Aim of the exercise
Copy all data exactly. Skip pictures.

====== Input for this task

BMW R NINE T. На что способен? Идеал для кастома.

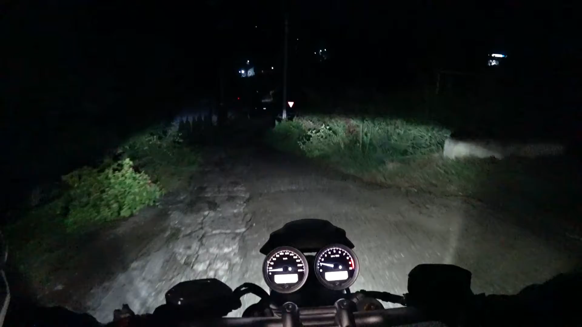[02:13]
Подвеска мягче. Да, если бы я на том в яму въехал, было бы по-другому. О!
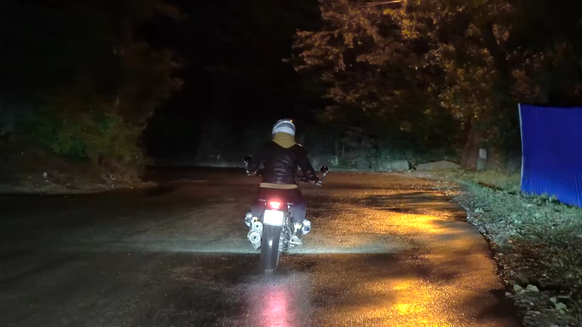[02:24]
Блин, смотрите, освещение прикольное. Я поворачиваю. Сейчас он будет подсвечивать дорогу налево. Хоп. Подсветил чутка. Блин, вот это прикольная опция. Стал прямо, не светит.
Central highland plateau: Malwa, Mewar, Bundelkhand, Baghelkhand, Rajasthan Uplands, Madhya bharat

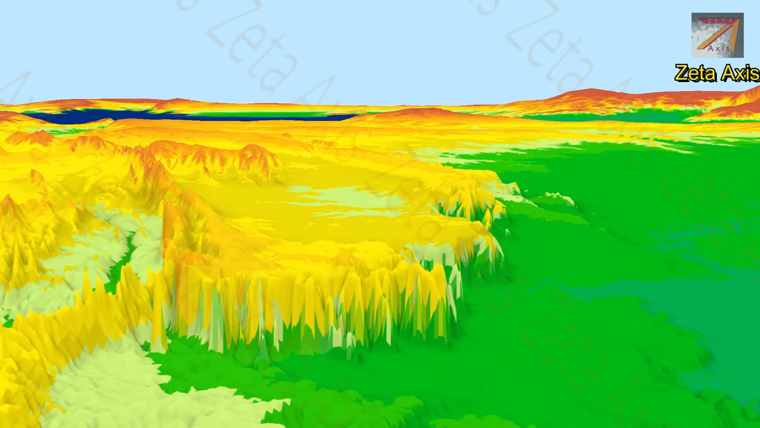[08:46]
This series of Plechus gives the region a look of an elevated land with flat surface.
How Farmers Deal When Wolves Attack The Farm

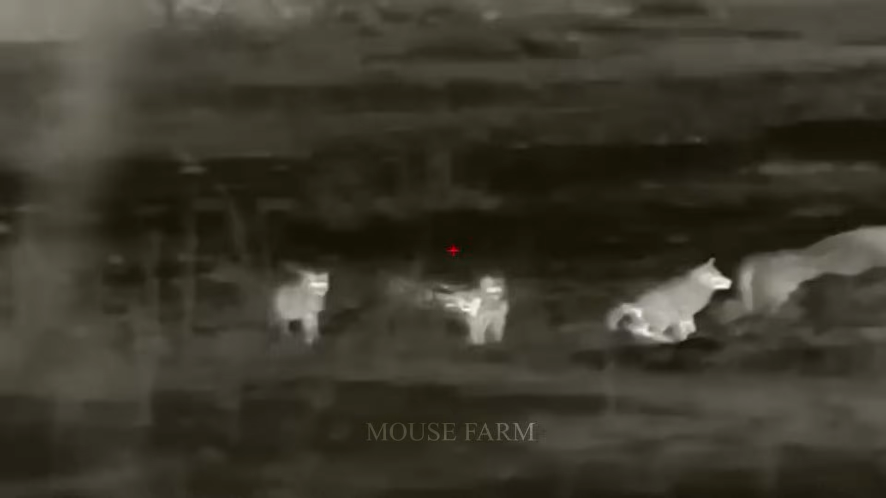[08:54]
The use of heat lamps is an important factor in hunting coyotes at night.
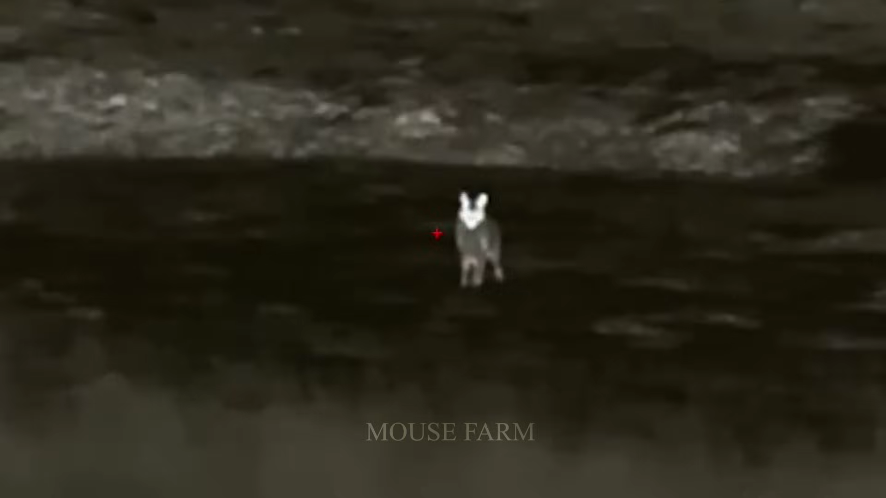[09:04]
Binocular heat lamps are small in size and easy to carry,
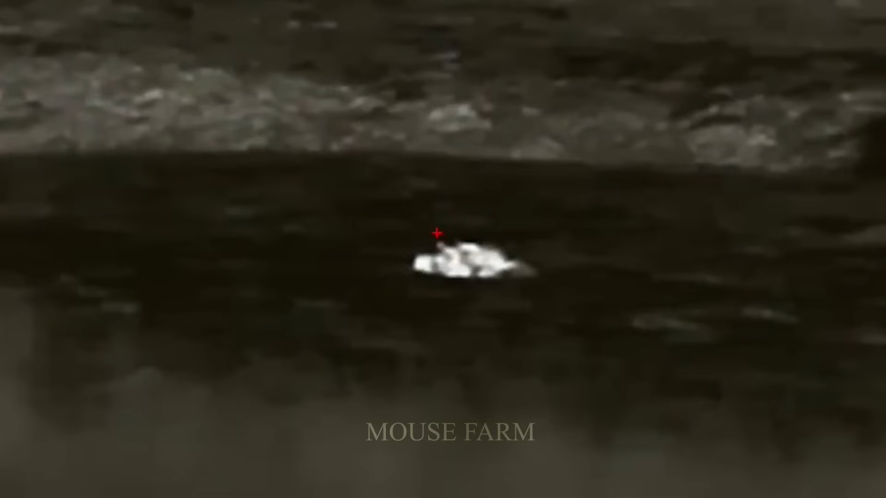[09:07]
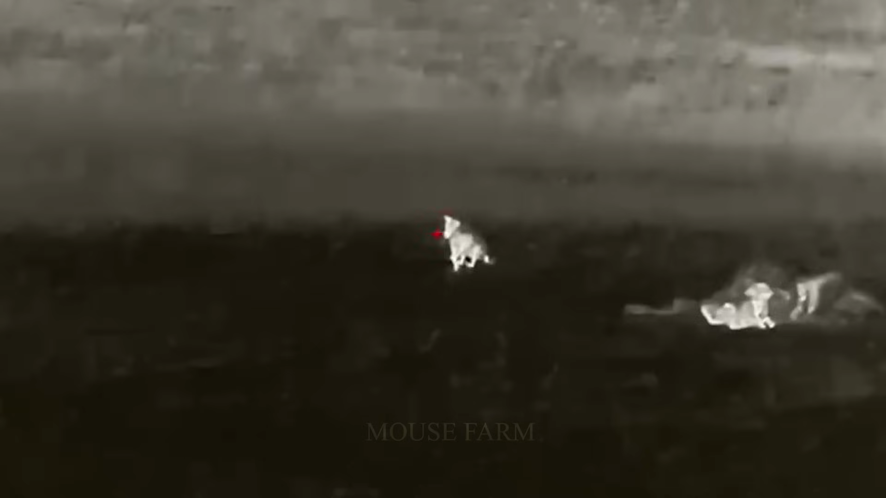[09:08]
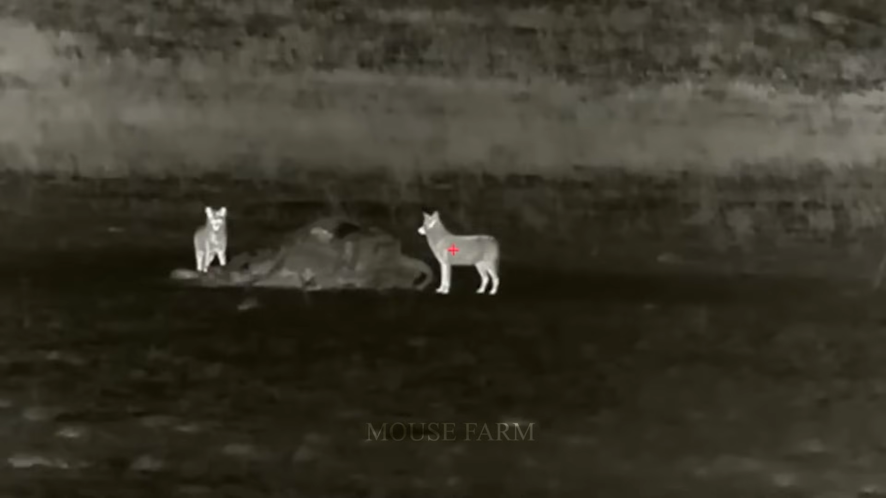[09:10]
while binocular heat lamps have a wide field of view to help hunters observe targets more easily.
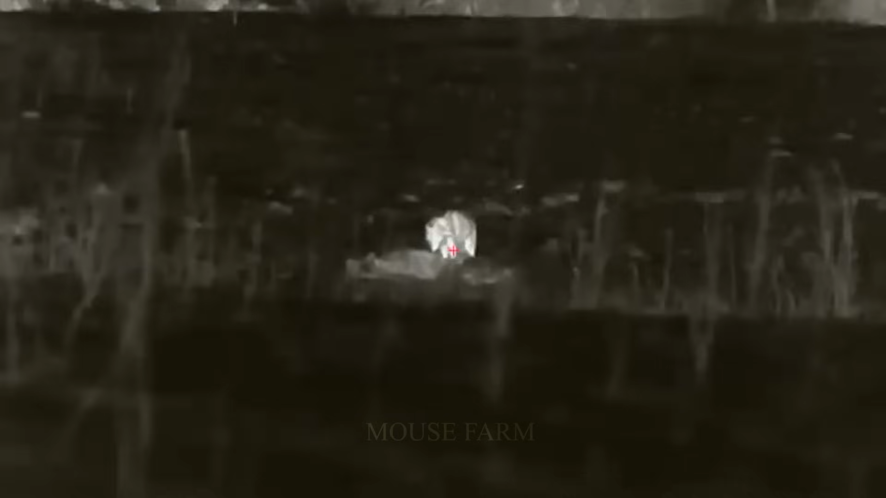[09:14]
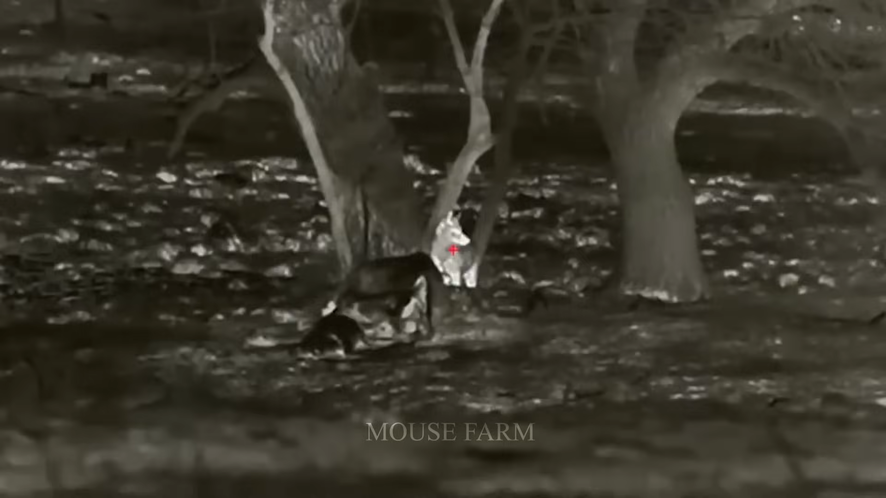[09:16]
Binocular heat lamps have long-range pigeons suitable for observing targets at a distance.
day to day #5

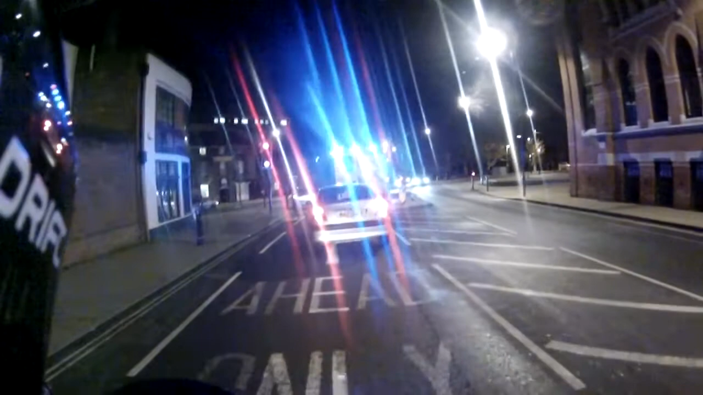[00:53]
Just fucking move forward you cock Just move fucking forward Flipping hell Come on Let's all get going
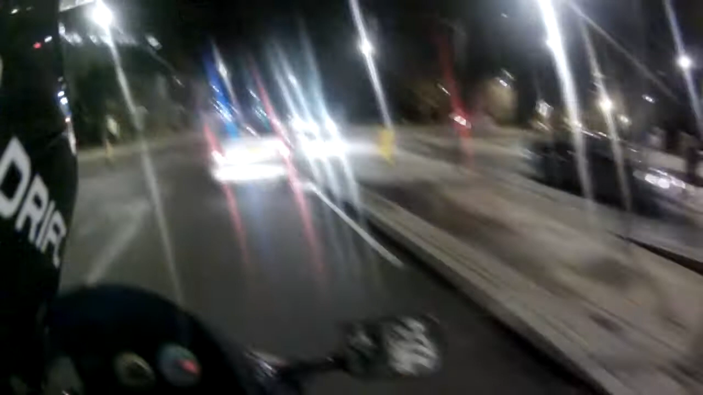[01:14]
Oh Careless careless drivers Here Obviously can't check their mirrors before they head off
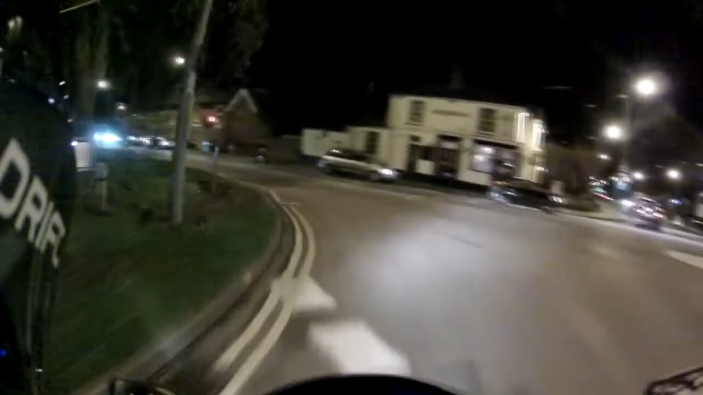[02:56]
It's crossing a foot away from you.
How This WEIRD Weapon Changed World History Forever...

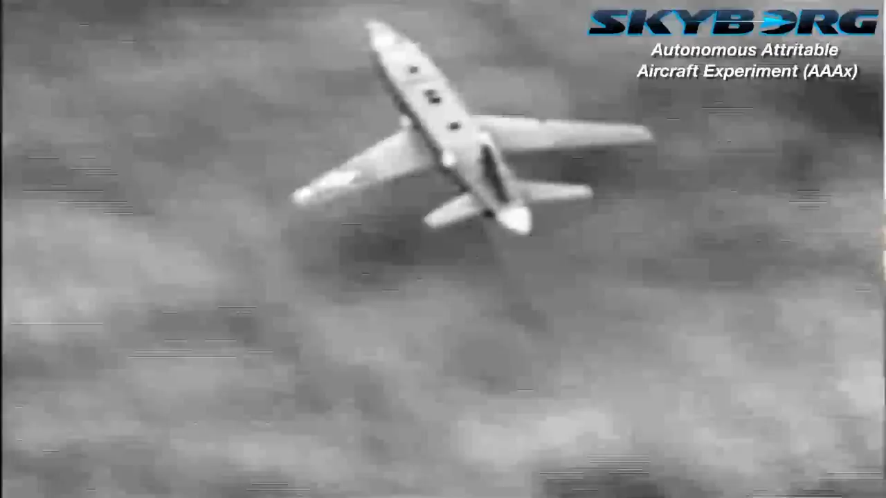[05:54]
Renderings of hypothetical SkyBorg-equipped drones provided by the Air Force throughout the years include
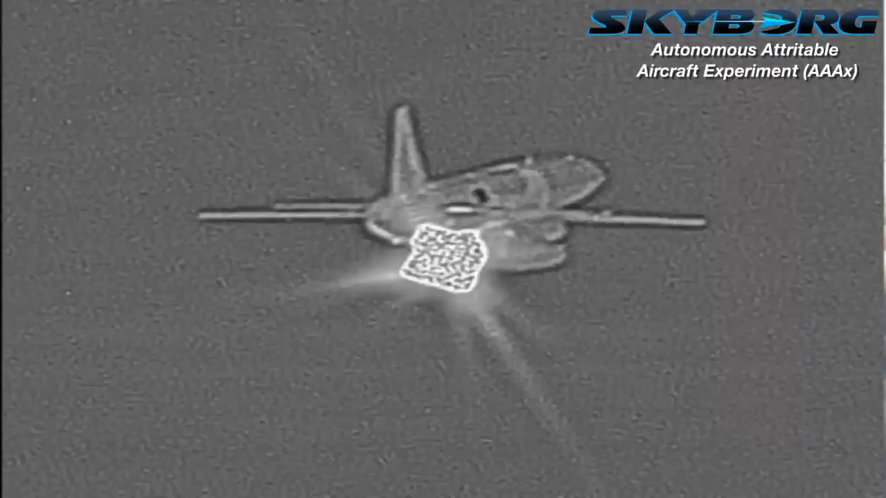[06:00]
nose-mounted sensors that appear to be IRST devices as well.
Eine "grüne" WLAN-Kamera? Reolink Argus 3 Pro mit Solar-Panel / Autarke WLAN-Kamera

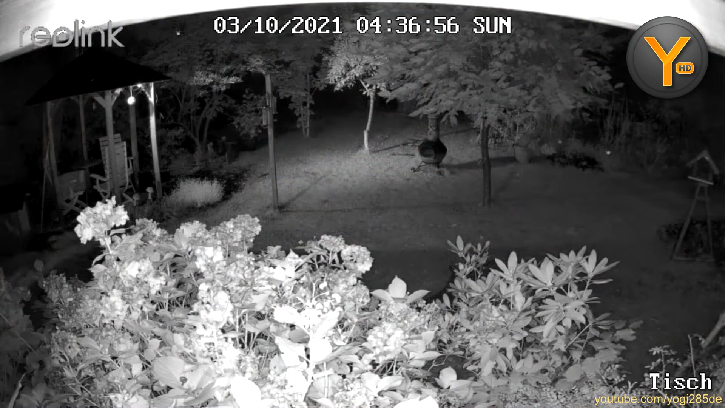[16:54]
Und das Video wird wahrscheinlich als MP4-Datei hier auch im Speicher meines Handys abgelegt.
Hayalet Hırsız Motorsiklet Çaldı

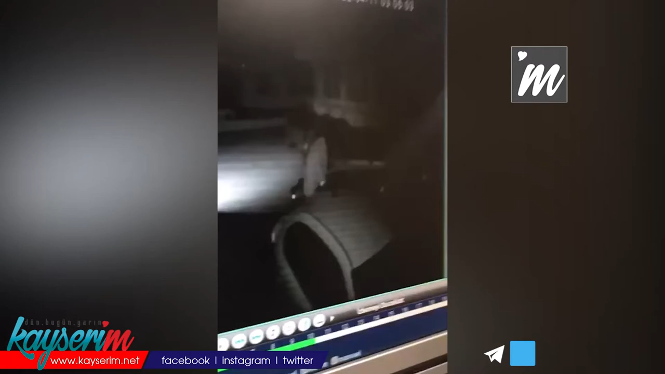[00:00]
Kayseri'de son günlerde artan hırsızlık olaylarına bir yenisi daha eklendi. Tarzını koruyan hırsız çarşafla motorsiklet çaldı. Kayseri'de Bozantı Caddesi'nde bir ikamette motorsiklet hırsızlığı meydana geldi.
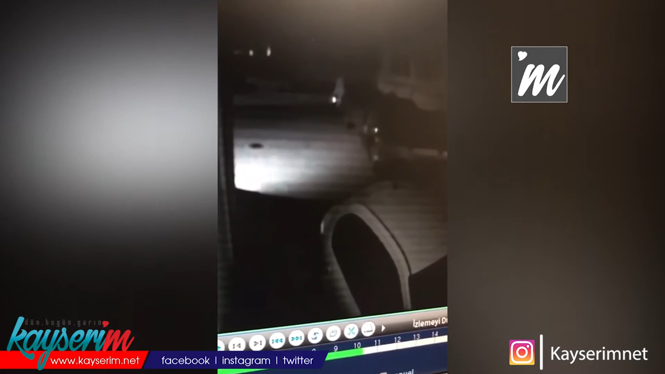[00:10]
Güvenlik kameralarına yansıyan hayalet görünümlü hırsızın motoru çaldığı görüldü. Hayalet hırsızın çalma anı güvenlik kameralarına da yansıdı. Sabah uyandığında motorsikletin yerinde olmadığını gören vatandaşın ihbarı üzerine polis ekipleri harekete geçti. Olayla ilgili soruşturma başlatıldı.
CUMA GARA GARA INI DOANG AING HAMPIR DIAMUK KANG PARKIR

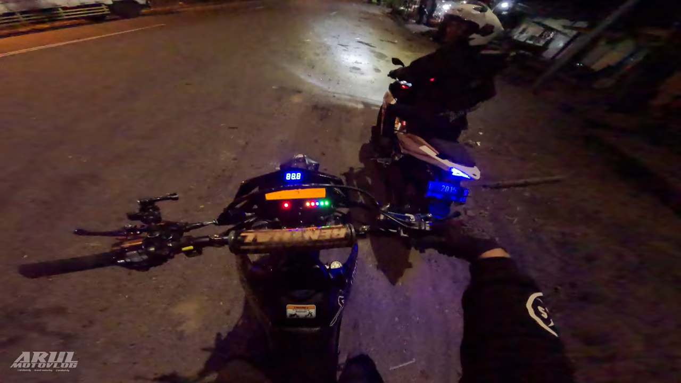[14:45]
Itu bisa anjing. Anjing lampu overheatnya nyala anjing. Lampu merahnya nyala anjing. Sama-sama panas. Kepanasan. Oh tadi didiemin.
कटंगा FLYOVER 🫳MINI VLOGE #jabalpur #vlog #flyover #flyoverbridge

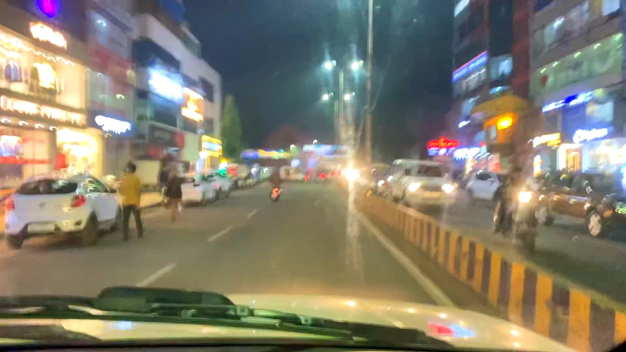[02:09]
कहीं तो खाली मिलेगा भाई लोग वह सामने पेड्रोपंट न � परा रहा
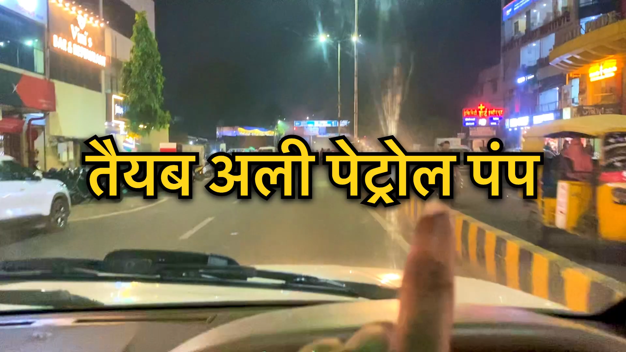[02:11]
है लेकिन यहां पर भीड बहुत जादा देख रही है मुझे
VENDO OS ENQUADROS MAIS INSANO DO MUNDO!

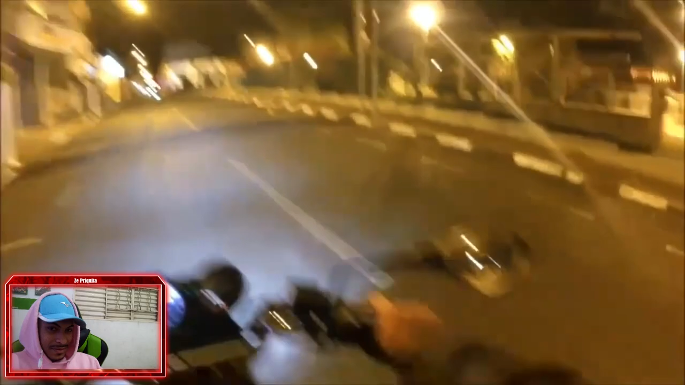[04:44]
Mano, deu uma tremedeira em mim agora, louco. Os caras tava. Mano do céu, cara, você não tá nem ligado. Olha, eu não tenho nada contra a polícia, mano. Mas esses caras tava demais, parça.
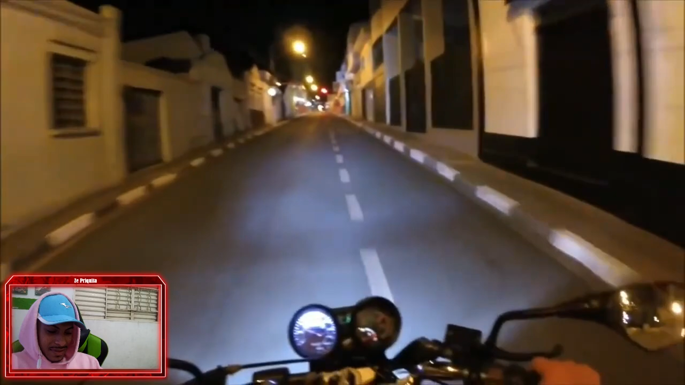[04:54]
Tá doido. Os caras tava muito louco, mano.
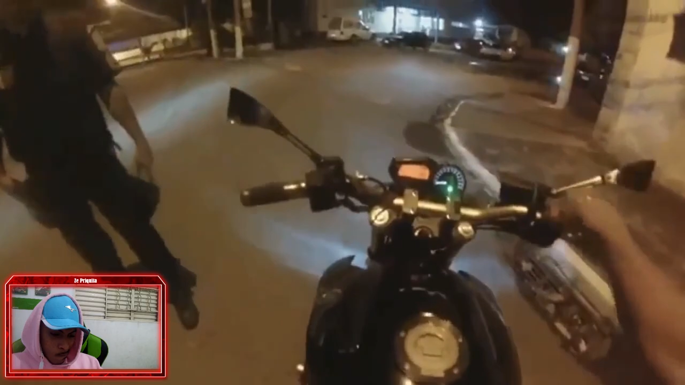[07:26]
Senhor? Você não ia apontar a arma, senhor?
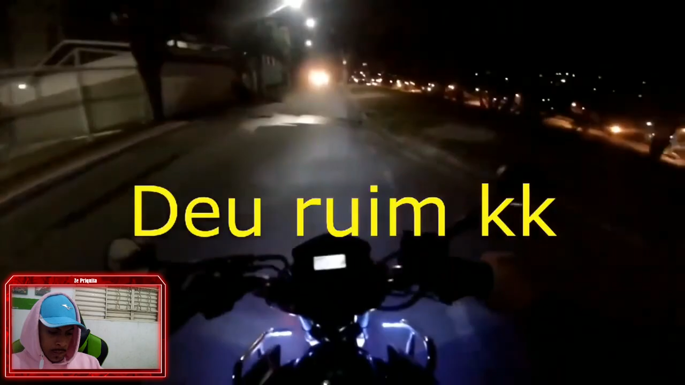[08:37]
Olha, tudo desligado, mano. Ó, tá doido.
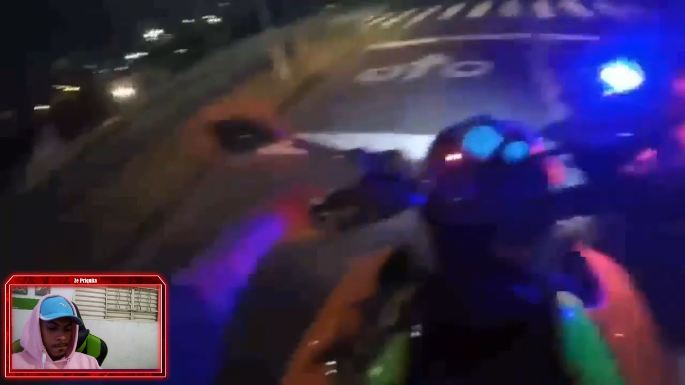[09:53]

============

Output of the exercise
BMW R NINE T. На что способен? Идеал для кастома.

[02:13]
Подвеска мягче. Да, если бы я на том в яму въехал, было бы по-другому. О!
[02:24]
Блин, смотрите, освещение прикольное. Я поворачиваю. Сейчас он будет подсвечивать дорогу налево. Хоп. Подсветил чутка. Блин, вот это прикольная опция. Стал прямо, не светит.
Central highland plateau: Malwa, Mewar, Bundelkhand, Baghelkhand, Rajasthan Uplands, Madhya bharat

[08:46]
This series of Plechus gives the region a look of an elevated land with flat surface.
How Farmers Deal When Wolves Attack The Farm

[08:54]
The use of heat lamps is an important factor in hunting coyotes at night.
[09:04]
Binocular heat lamps are small in size and easy to carry,
[09:07]
[09:08]
[09:10]
while binocular heat lamps have a wide field of view to help hunters observe targets more easily.
[09:14]
[09:16]
Binocular heat lamps have long-range pigeons suitable for observing targets at a distance.
day to day #5

[00:53]
Just fucking move forward you cock Just move fucking forward Flipping hell Come on Let's all get going
[01:14]
Oh Careless careless drivers Here Obviously can't check their mirrors before they head off
[02:56]
It's crossing a foot away from you.
How This WEIRD Weapon Changed World History Forever...

[05:54]
Renderings of hypothetical SkyBorg-equipped drones provided by the Air Force throughout the years include
[06:00]
nose-mounted sensors that appear to be IRST devices as well.
Eine "grüne" WLAN-Kamera? Reolink Argus 3 Pro mit Solar-Panel / Autarke WLAN-Kamera

[16:54]
Und das Video wird wahrscheinlich als MP4-Datei hier auch im Speicher meines Handys abgelegt.
Hayalet Hırsız Motorsiklet Çaldı

[00:00]
Kayseri'de son günlerde artan hırsızlık olaylarına bir yenisi daha eklendi. Tarzını koruyan hırsız çarşafla motorsiklet çaldı. Kayseri'de Bozantı Caddesi'nde bir ikamette motorsiklet hırsızlığı meydana geldi.
[00:10]
Güvenlik kameralarına yansıyan hayalet görünümlü hırsızın motoru çaldığı görüldü. Hayalet hırsızın çalma anı güvenlik kameralarına da yansıdı. Sabah uyandığında motorsikletin yerinde olmadığını gören vatandaşın ihbarı üzerine polis ekipleri harekete geçti. Olayla ilgili soruşturma başlatıldı.
CUMA GARA GARA INI DOANG AING HAMPIR DIAMUK KANG PARKIR

[14:45]
Itu bisa anjing. Anjing lampu overheatnya nyala anjing. Lampu merahnya nyala anjing. Sama-sama panas. Kepanasan. Oh tadi didiemin.
कटंगा FLYOVER 🫳MINI VLOGE #jabalpur #vlog #flyover #flyoverbridge

[02:09]
कहीं तो खाली मिलेगा भाई लोग वह सामने पेड्रोपंट न � परा रहा
[02:11]
है लेकिन यहां पर भीड बहुत जादा देख रही है मुझे
VENDO OS ENQUADROS MAIS INSANO DO MUNDO!

[04:44]
Mano, deu uma tremedeira em mim agora, louco. Os caras tava. Mano do céu, cara, você não tá nem ligado. Olha, eu não tenho nada contra a polícia, mano. Mas esses caras tava demais, parça.
[04:54]
Tá doido. Os caras tava muito louco, mano.
[07:26]
Senhor? Você não ia apontar a arma, senhor?
[08:37]
Olha, tudo desligado, mano. Ó, tá doido.
[09:53]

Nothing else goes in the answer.